[[ Raw data, beginning ]]

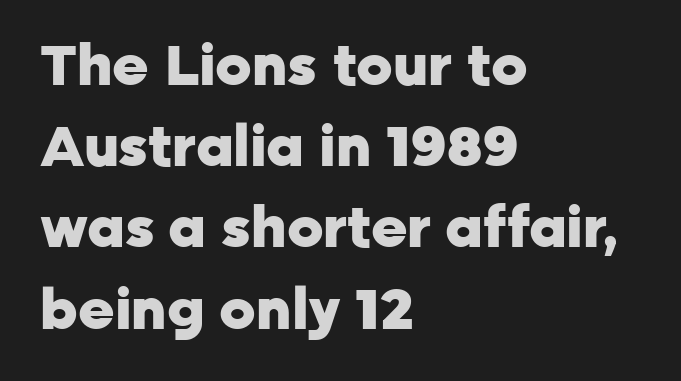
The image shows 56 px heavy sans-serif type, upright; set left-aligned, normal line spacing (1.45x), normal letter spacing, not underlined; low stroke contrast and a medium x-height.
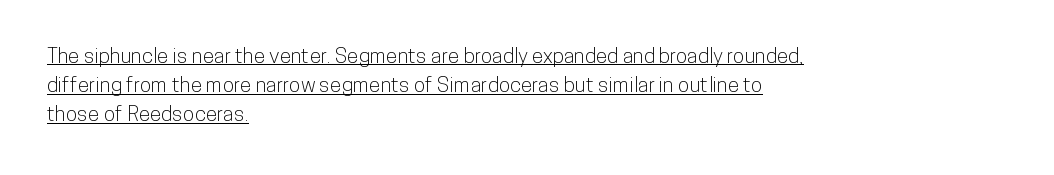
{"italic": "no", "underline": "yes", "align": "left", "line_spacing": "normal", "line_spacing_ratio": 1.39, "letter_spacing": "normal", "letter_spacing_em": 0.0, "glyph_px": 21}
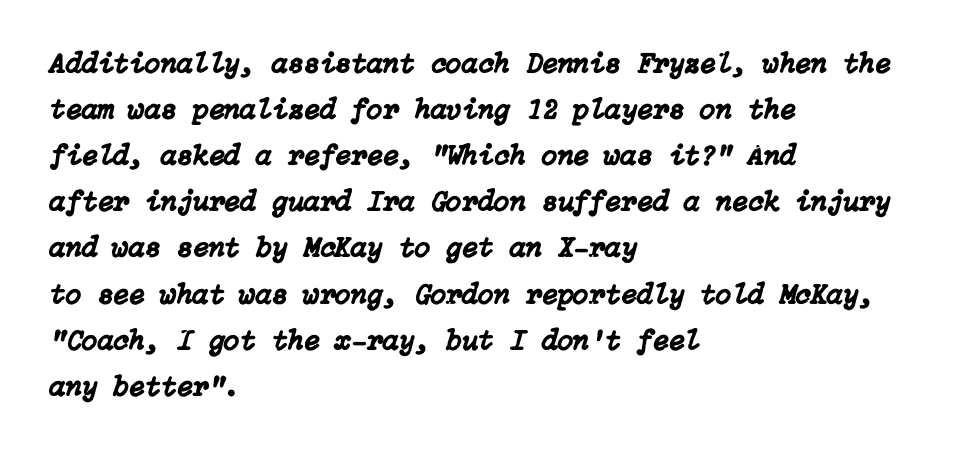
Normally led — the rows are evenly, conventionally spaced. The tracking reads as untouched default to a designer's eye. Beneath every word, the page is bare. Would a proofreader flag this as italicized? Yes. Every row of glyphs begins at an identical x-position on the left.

[[ Raw data, end ]]

▶ _Assignment_: Print all the material above exactly, and drop the images.

▶ _Problem solution_:
The image shows 56 px heavy sans-serif type, upright; set left-aligned, normal line spacing (1.45x), normal letter spacing, not underlined; low stroke contrast and a medium x-height.
{"italic": "no", "underline": "yes", "align": "left", "line_spacing": "normal", "line_spacing_ratio": 1.39, "letter_spacing": "normal", "letter_spacing_em": 0.0, "glyph_px": 21}
Normally led — the rows are evenly, conventionally spaced. The tracking reads as untouched default to a designer's eye. Beneath every word, the page is bare. Would a proofreader flag this as italicized? Yes. Every row of glyphs begins at an identical x-position on the left.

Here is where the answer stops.